Work instructions: The records below are to be copied word for word, with every picture left out.

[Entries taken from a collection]
- - - -

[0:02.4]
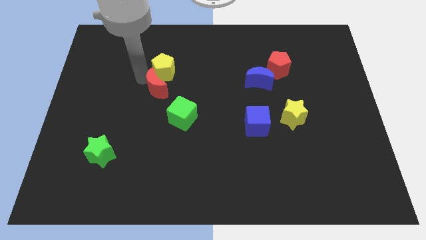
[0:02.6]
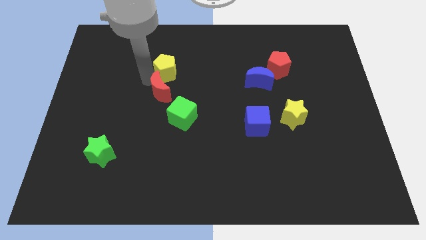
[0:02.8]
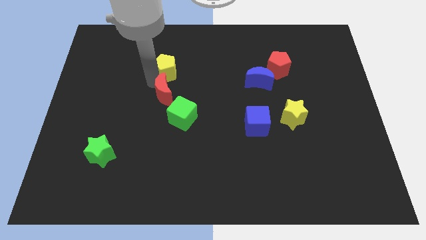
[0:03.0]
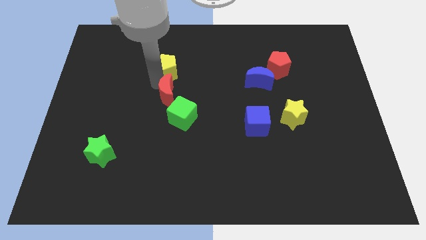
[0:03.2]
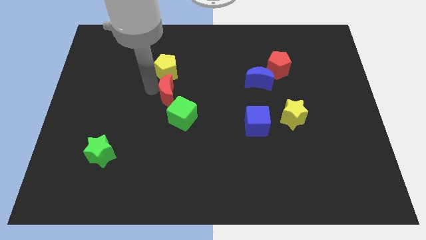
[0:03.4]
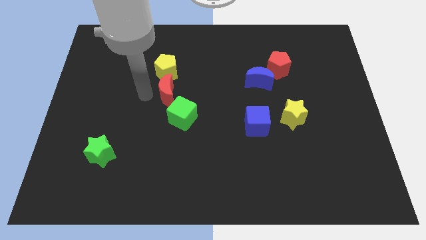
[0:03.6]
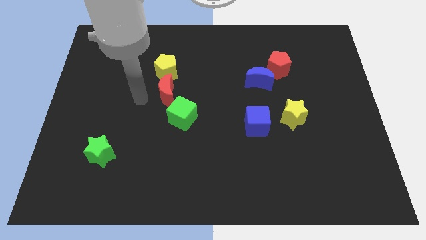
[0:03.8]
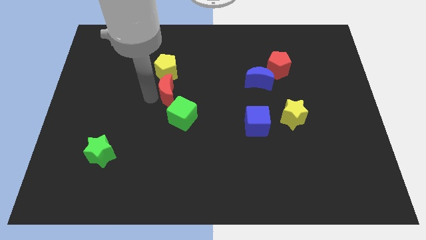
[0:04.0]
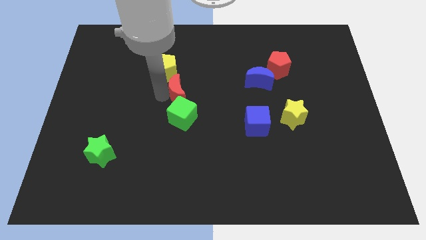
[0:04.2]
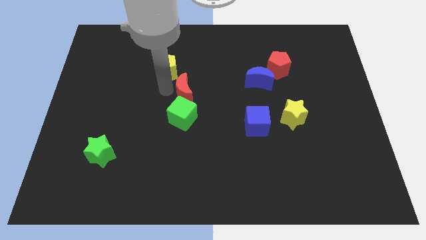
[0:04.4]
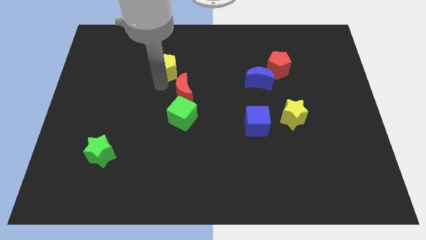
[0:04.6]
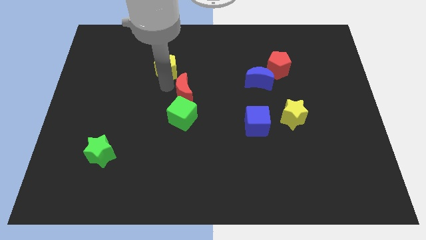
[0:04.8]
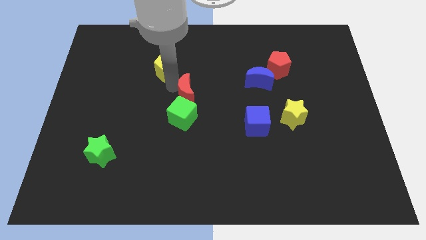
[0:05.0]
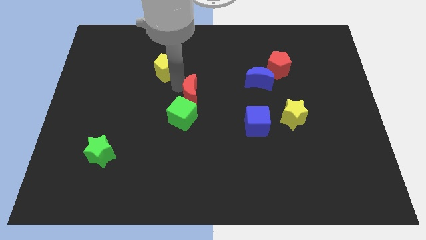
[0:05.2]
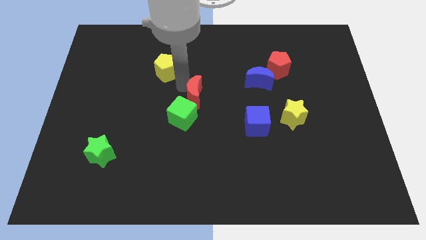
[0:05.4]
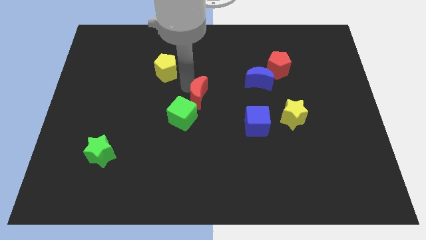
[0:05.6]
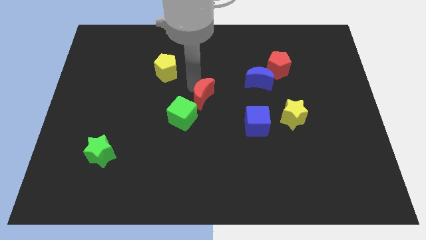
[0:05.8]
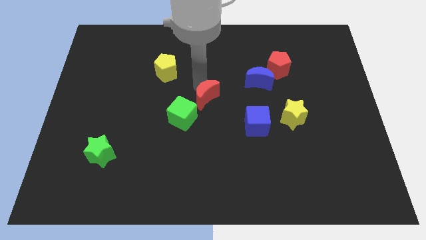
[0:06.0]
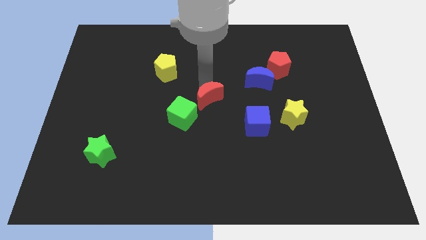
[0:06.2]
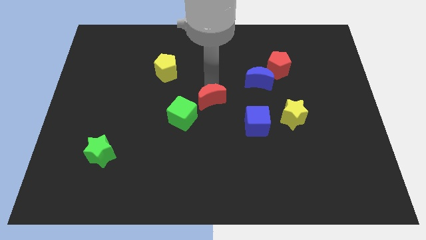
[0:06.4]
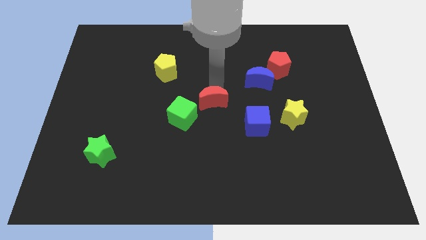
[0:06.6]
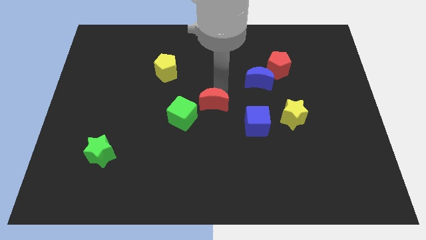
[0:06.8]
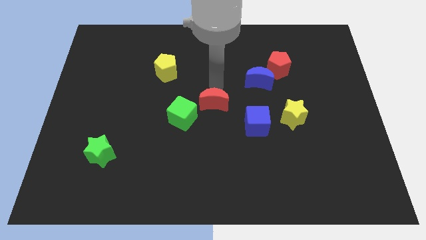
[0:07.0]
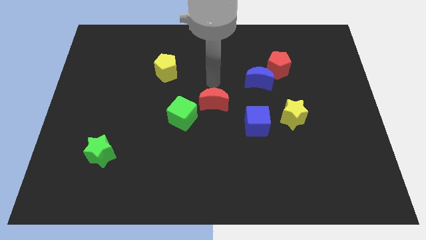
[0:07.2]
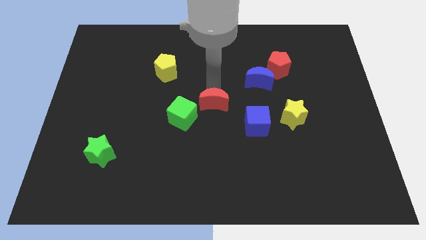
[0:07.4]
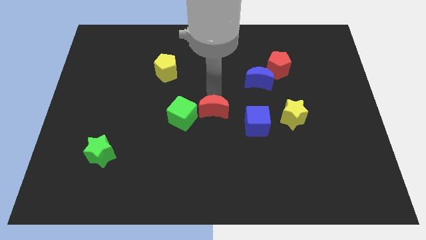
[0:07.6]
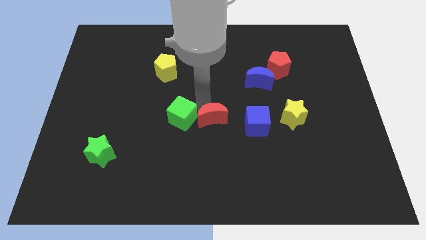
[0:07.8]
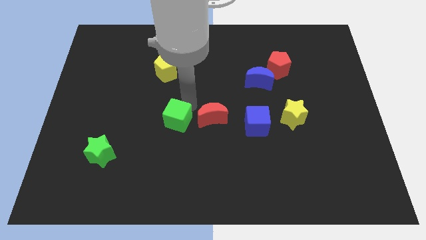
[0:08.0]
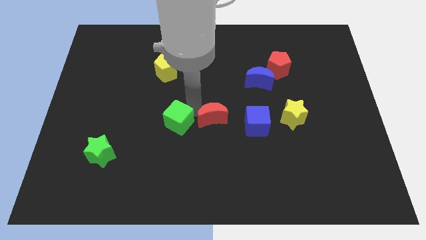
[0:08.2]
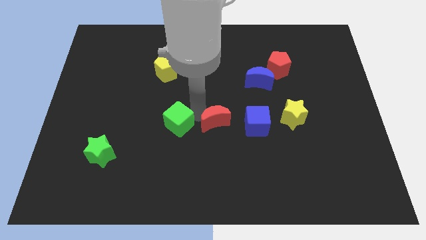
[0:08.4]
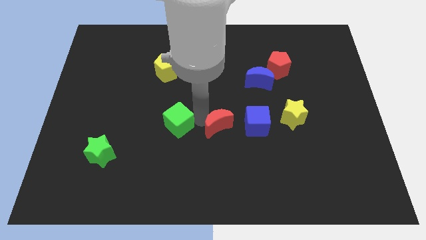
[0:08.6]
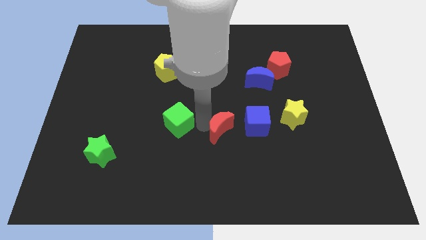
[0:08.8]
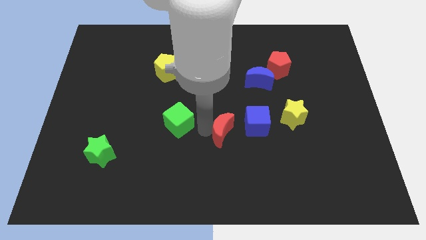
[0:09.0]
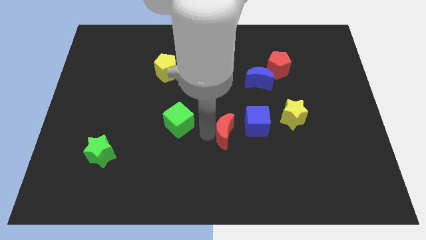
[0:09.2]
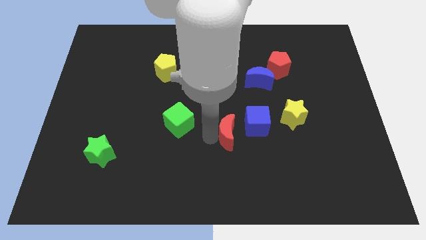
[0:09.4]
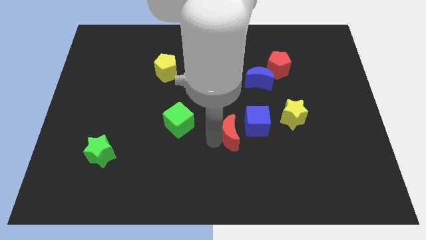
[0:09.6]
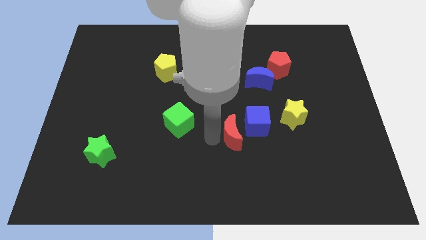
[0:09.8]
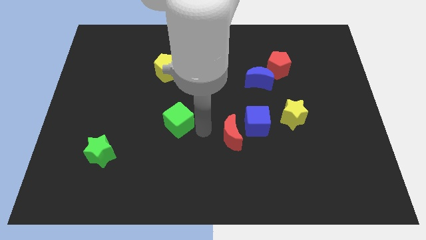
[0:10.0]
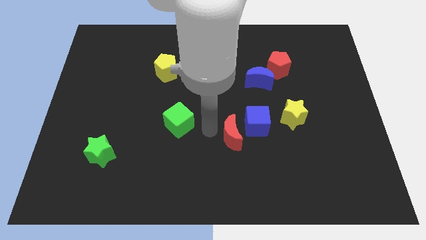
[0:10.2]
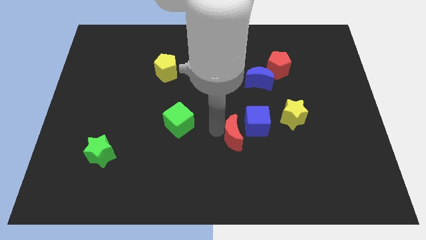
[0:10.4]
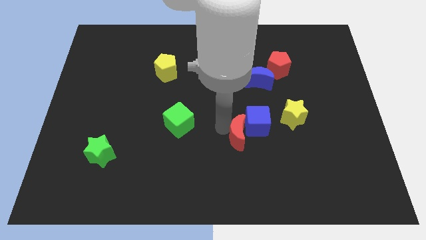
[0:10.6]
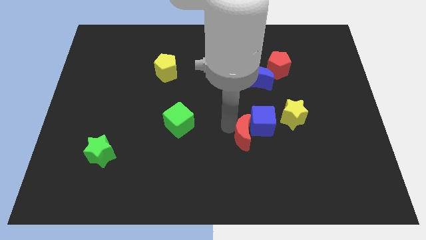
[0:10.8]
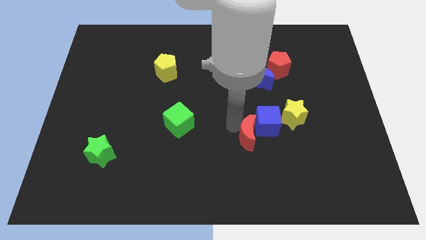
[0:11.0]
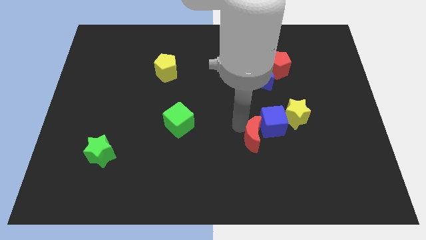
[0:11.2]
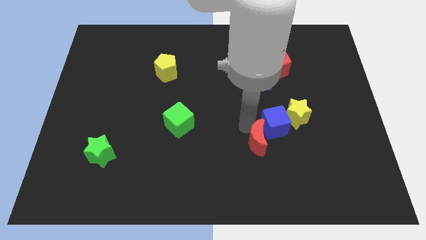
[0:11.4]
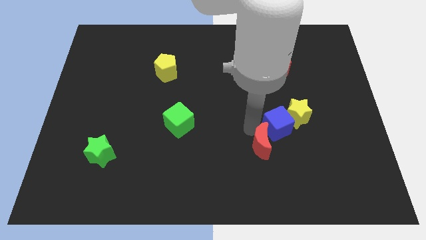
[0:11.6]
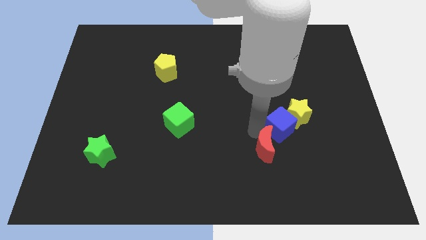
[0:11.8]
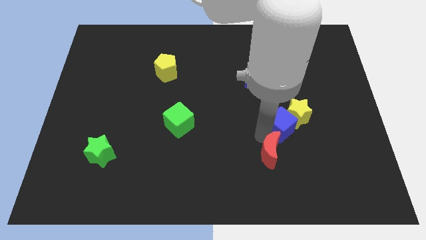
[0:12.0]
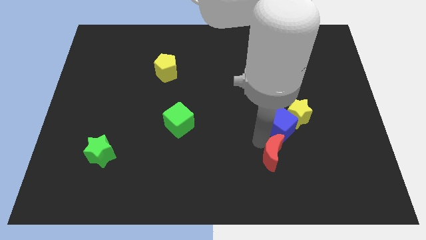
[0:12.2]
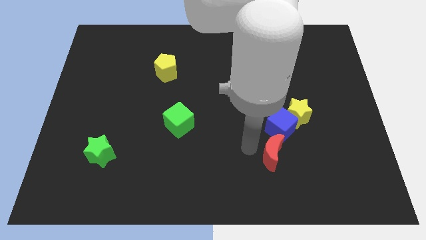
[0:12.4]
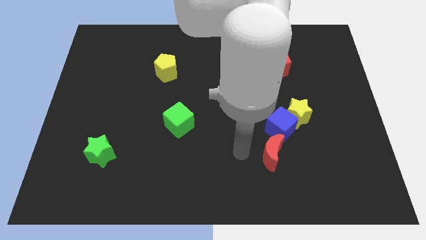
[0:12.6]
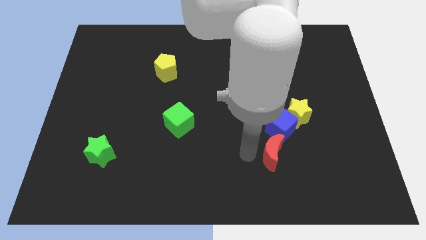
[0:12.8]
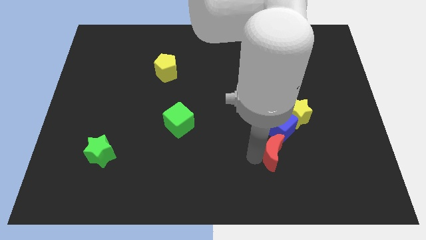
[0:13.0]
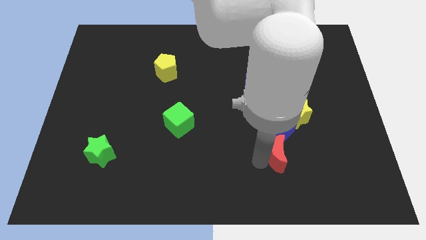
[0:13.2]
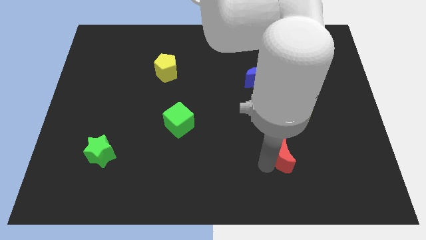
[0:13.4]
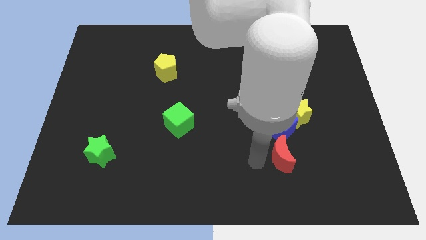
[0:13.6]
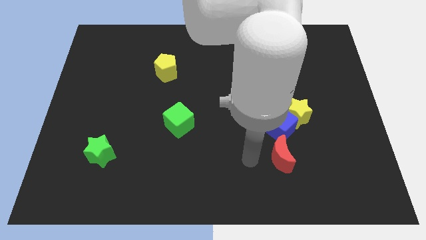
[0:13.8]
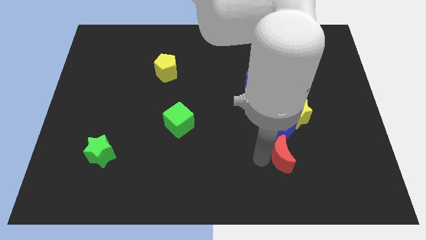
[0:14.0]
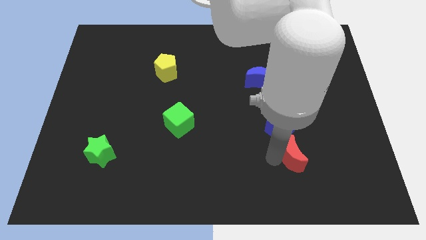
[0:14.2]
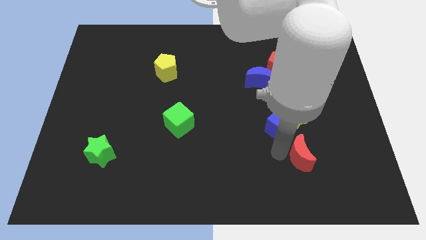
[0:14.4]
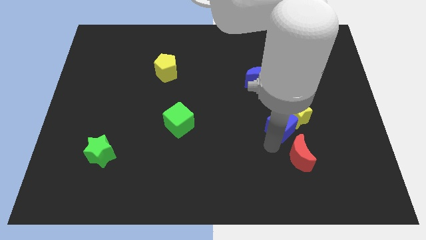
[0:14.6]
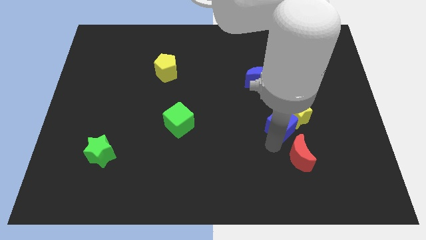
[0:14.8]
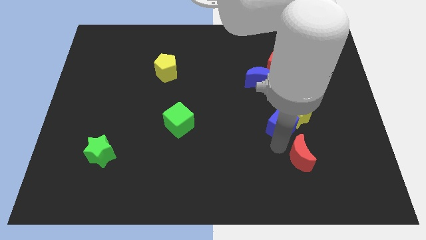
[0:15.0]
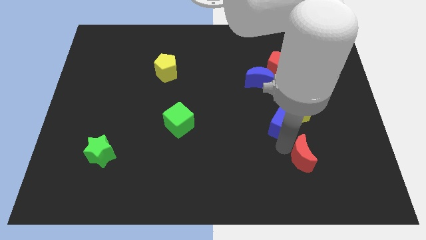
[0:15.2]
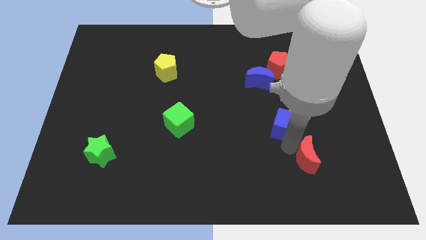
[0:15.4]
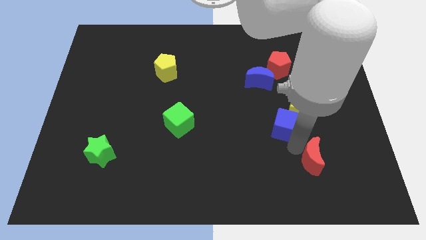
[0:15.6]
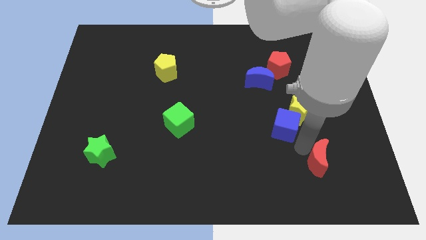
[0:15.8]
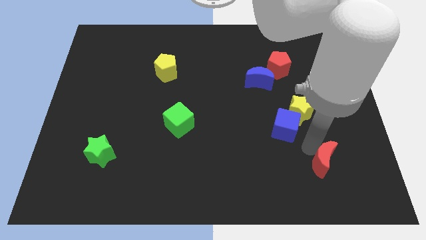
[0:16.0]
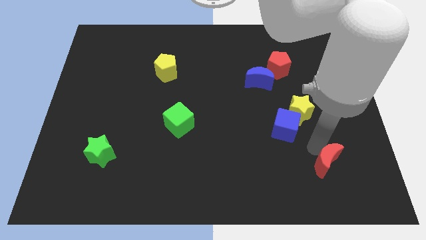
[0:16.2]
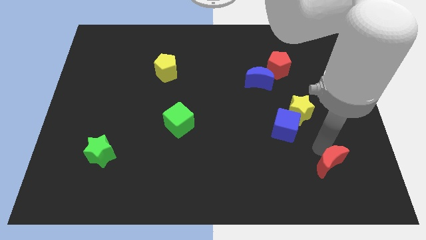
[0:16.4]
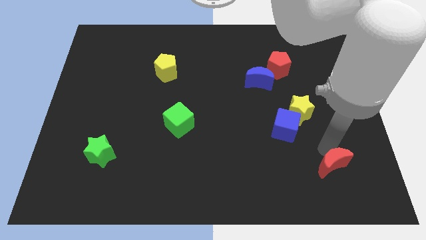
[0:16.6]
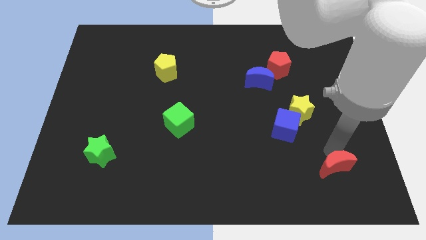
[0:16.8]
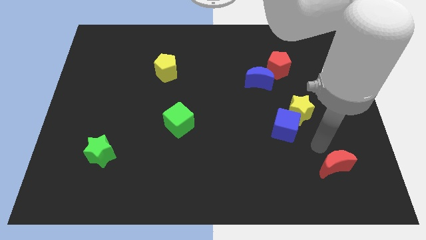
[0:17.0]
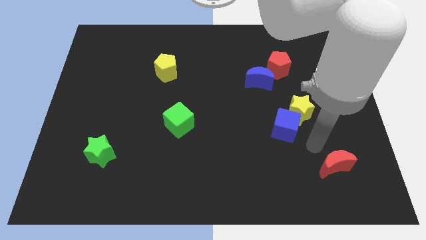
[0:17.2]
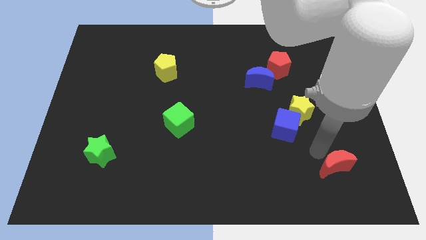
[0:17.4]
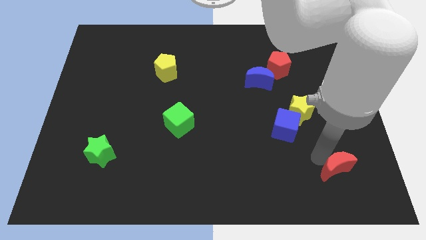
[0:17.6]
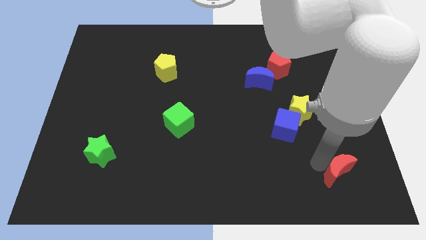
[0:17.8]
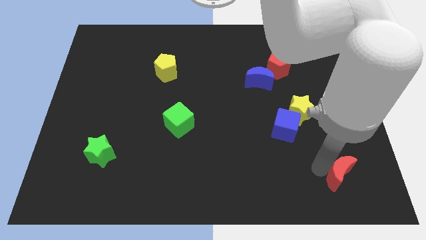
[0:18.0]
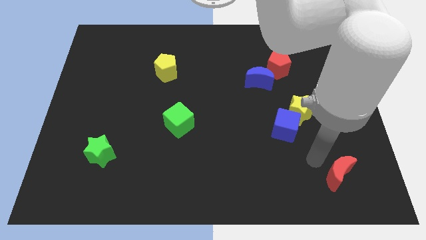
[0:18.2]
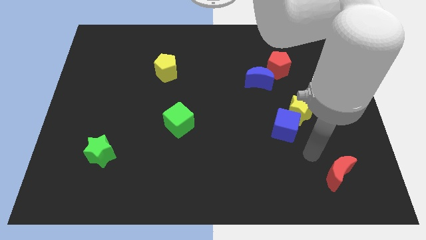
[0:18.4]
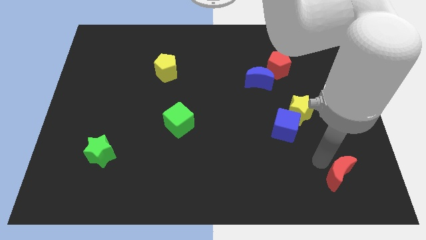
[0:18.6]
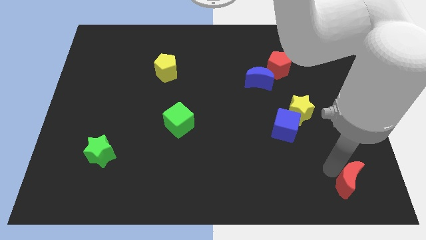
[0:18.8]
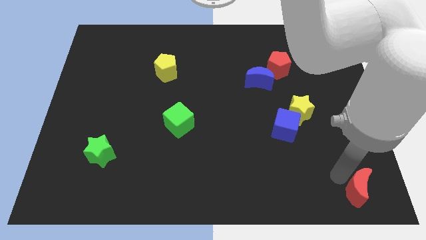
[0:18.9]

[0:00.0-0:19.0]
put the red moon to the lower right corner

- - - -

Exercise output:
[0:02.4]
[0:02.6]
[0:02.8]
[0:03.0]
[0:03.2]
[0:03.4]
[0:03.6]
[0:03.8]
[0:04.0]
[0:04.2]
[0:04.4]
[0:04.6]
[0:04.8]
[0:05.0]
[0:05.2]
[0:05.4]
[0:05.6]
[0:05.8]
[0:06.0]
[0:06.2]
[0:06.4]
[0:06.6]
[0:06.8]
[0:07.0]
[0:07.2]
[0:07.4]
[0:07.6]
[0:07.8]
[0:08.0]
[0:08.2]
[0:08.4]
[0:08.6]
[0:08.8]
[0:09.0]
[0:09.2]
[0:09.4]
[0:09.6]
[0:09.8]
[0:10.0]
[0:10.2]
[0:10.4]
[0:10.6]
[0:10.8]
[0:11.0]
[0:11.2]
[0:11.4]
[0:11.6]
[0:11.8]
[0:12.0]
[0:12.2]
[0:12.4]
[0:12.6]
[0:12.8]
[0:13.0]
[0:13.2]
[0:13.4]
[0:13.6]
[0:13.8]
[0:14.0]
[0:14.2]
[0:14.4]
[0:14.6]
[0:14.8]
[0:15.0]
[0:15.2]
[0:15.4]
[0:15.6]
[0:15.8]
[0:16.0]
[0:16.2]
[0:16.4]
[0:16.6]
[0:16.8]
[0:17.0]
[0:17.2]
[0:17.4]
[0:17.6]
[0:17.8]
[0:18.0]
[0:18.2]
[0:18.4]
[0:18.6]
[0:18.8]
[0:18.9]

[0:00.0-0:19.0]
put the red moon to the lower right corner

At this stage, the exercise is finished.